In 2019, Sindi helped launch another lab pathway: LLNL’s Data Science Challenge (DSC) with Marisol Gamboa, now the lab’s computing workforce manager. The challenge brings students to Livermore for an intensive two-week summer program where they collaborate on complex scientific and computational problems.

DeGuchy, who now leads the DSC on the LLNL side, emphasized it is a stepping stone for students to gain experience and network within the lab in hopes it will lead to longer internships, postdoctoral appointments, or full-time positions.

“It started as an opportunity to give students at UC Merced exposure to a data science problem that they would find at the lab and help the students interact with the lab in some capacity,” said DeGuchy, noting that the challenge has expanded to include other universities. “It's hard to get internships initially, and this gives students something to put down on their resumes that they can point to when they're applying to longer internships.”

UC Merced students now have access to innumerable opportunities through UC‑systemwide programs and DOE-wide internship pathways, and collaborations with national lab scientists through workshops and research initiatives.

Alumna Andrea Rodarte Hernandez, ’14, recalls visiting SLAC in Menlo Park with physics Professor Linda Hirst to use its high-power linear accelerator for her research investigating the dispersion of semiconducting quantum dots into thermotropic liquid crystal.
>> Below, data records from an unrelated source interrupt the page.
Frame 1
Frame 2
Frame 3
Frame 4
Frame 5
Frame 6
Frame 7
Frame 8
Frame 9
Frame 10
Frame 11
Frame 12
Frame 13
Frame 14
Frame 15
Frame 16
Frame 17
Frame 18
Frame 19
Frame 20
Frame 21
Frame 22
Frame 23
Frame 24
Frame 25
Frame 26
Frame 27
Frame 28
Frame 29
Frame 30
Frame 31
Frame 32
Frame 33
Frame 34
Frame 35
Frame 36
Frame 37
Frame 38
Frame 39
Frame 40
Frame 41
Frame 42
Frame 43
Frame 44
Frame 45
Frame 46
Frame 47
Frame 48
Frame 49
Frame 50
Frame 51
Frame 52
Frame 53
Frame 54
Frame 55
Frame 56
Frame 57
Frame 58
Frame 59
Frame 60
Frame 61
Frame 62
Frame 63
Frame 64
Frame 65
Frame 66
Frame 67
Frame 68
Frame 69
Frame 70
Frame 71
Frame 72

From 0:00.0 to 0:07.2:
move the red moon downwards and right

She intended to stay in academia after grad school, but her time at SLAC allowed her “to see some of the work that is happening at the national labs” and helped her stand out during the hiring process at Sandia Labs in New Mexico, where she is a failure-analysis engineer.
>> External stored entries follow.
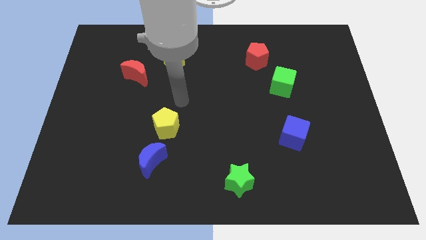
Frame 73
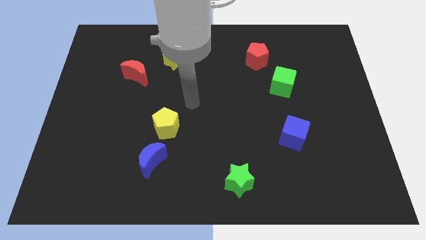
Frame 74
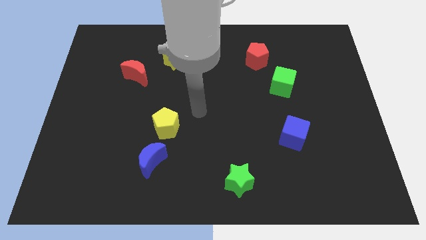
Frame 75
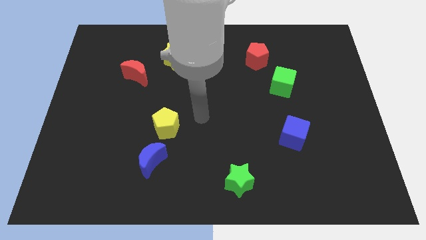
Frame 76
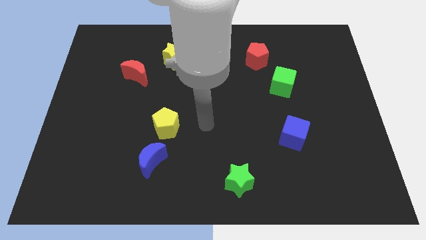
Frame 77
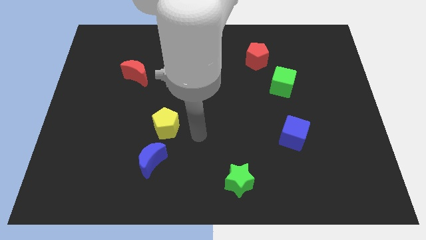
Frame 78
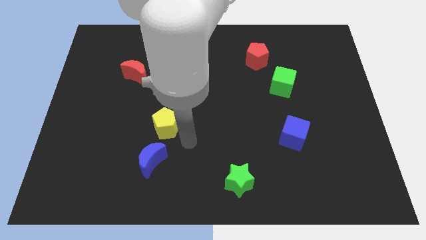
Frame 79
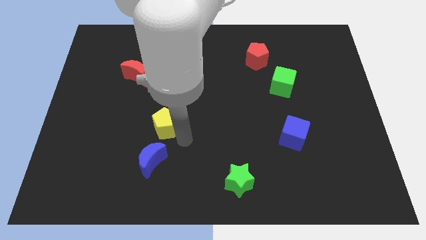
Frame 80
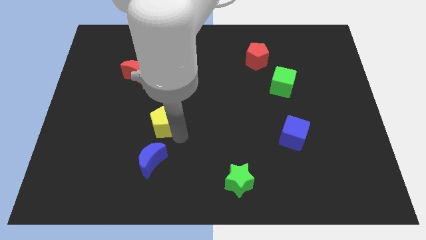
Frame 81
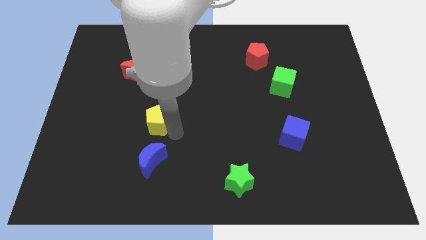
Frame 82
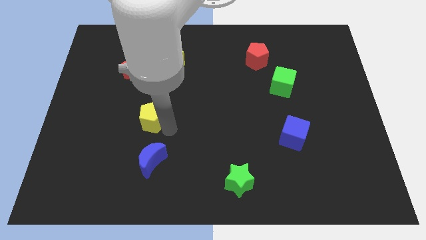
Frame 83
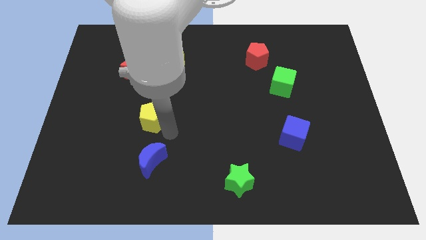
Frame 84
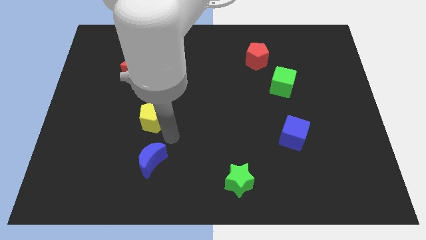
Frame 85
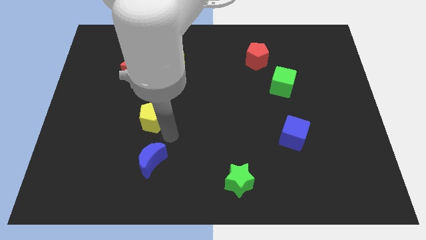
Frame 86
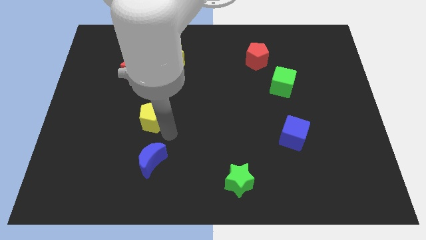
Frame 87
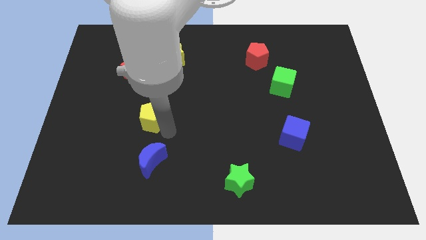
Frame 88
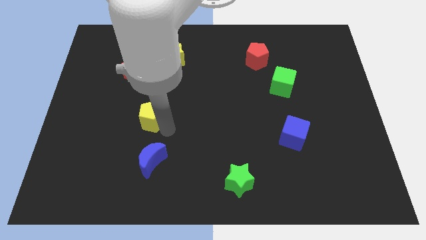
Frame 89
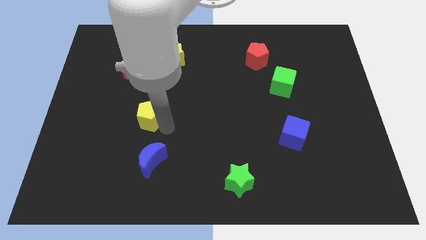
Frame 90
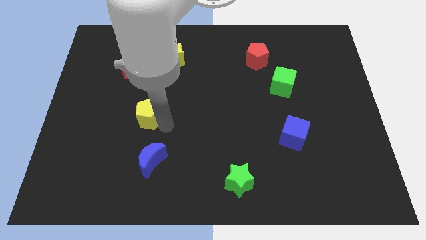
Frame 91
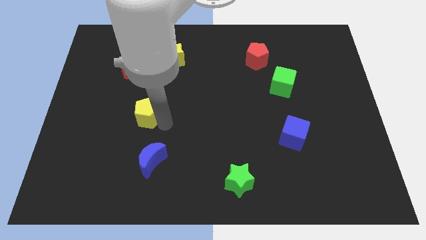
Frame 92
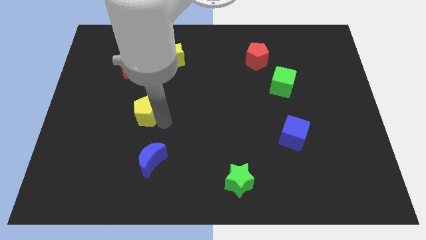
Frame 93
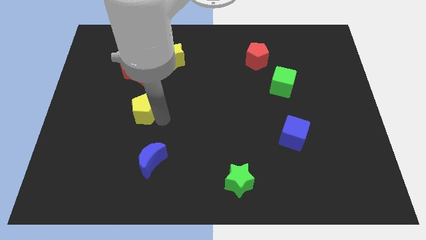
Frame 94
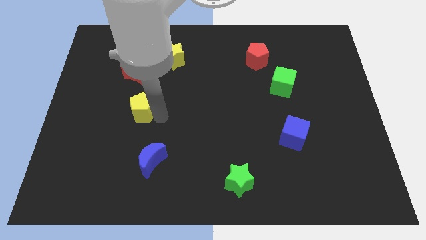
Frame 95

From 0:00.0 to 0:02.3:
move the yellow pentagon up and left a little bit

“Having the opportunity to go to other user facilities made it easier for me to be able to walk into a national lab and feel a little bit more comfortable,” said Hernandez, who has a Ph.D. in physics.

Hernandez and DeGuchy’s paths are no longer exceptions. The same national labs that once felt out of reach now actively recruit UC Merced talent, collaborate with its faculty and build programs to bring Bobcats into mission-driven research.